With the Basic Agreement expiring at the end of the season, players and team owners are thinking about realignment.
The reason this is being discussed is that both sides want more equity within division races. The thought is that it is unfair for six teams in the National League Central to compete for a title while the American League West has four teams.
Realignment ideas range from blowing up both leagues as we know them and creating new divisions to moving one NL team to the AL.
For example, Arizona or San Diego could move to the AL West. You could move Pittsburgh to the AL Central and Kansas City to the AL West.
There are plenty of plans and obstacles. The three biggest are scheduling, the DH and how many teams go to the postseason.
Commissioner Bud Selig wants to expand postseason teams from eight to 10, but will that lead to a neutral-site World Series given that, without a shorter season, the World Series would be played in November?
What about the DH? The union isn't going to give it up, and teams can't be playing with two sets of rules for an entire season. It wouldn't be fair, say, for the Boston Red Sox to have DH David Ortiz out of the lineup for 10-14 games a month.
While there are plenty of plans, there is one, by Tom Davis, my colleague on the Mid-Atlantic Sports Report, that makes sense.
Davis has been studying realignment for years. He suggests five six-team divisions that could be created to promote natural rivals while allowing teams to play within their own time zone.

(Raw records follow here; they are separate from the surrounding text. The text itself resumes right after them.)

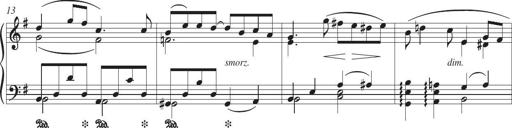
Title: Piano Sonatina in G major
Composer: Johan Peter Emilius Hartmann
Key: G major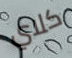
كلاي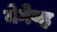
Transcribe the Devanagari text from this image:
नेगेव्ह

Davis' format would have five division winners and five wild-card teams in the postseason. The wild cards would have the best winning percentages no matter what division they are in.

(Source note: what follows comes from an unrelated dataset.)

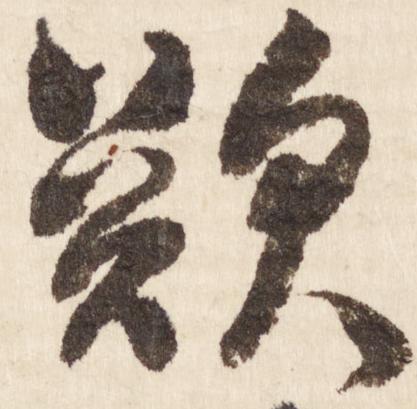
歎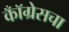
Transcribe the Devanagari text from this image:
कॉँग्रेसचा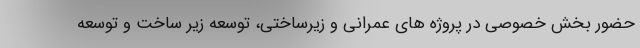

"Baseball would have five wild-card teams from 25 teams as opposed to two wild cards from 26 teams,'' Davis says.
Here's the breakdown:
Mariners, A's, Giants, Dodgers, Angels, Padres.
D-backs, Rockies, Rangers, Astros, Cardinals, Royals.

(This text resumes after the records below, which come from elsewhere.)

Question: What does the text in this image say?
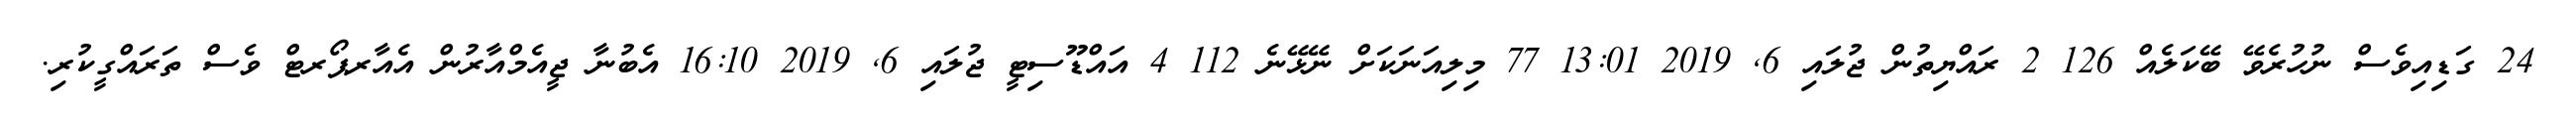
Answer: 24 ގަޑިއިވެސް ނުހުރެވޭ ބޭކަލެއް 126 2 ރައްޔިތުން ޖުލައި 6, 2019 13:01 77 މިލިއަނަކަށް ނޭޅޭނެ 112 4 އައްޑޫސިޓީ ޖުލައި 6, 2019 16:10 އެބުނާ ޖީއެމްއާރުން އެއާރޕޯރޓް ވެސް ތަރައްގީކުރި.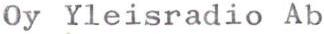
Oy Yleisradio Ab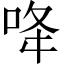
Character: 𠲓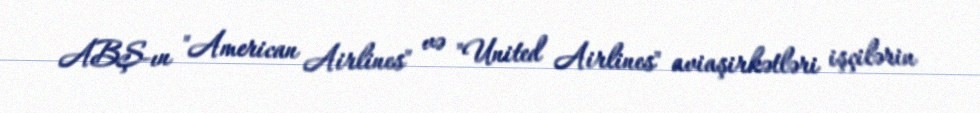
ABŞ-ın "American Airlines" və "United Airlines" aviaşirkətləri işçilərin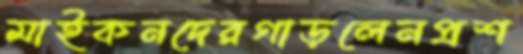
মাইকনদেরগাড়লেনপ্রশ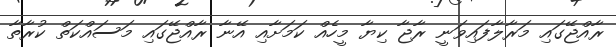
ރާއްޖޭގައި މަރާލާފައިވަނީ ރާޖާ ކިޔާ މީހެއް ކަމަށާއި އޭނާ ރާއްޖޭގައި މަސައްކަތް ކުރާތާ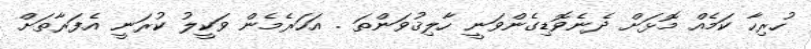
ހުރިހާ ކަމެއް މޮޅަށް ދެނެވޮޑިގެންވަނީ ހާލިޤުވަންތަ . އަހަރެމެން ވަކީލު ކުރަނީ އެފަރާތަށް

Twins, Brewers, Cubs, White Sox, Blue Jays, Tigers.
Mets, Pirates, Phillies, Braves, Rays, Marlins.
Orioles, Nationals, Yankees, Red Sox, Reds, Indians.
Davis' plan would seed 10 teams for the postseason with four rounds. The first round would be best-of-three and the second round best-of-five. The final two rounds would each be best-of-seven.
The format would have teams play 90 games within the division, 72 outside the division. He would make Monday a day off and arrange the schedule so that teams play home and road games every other week.
What are your thoughts? Have any other realignment ideas you feel strongly about?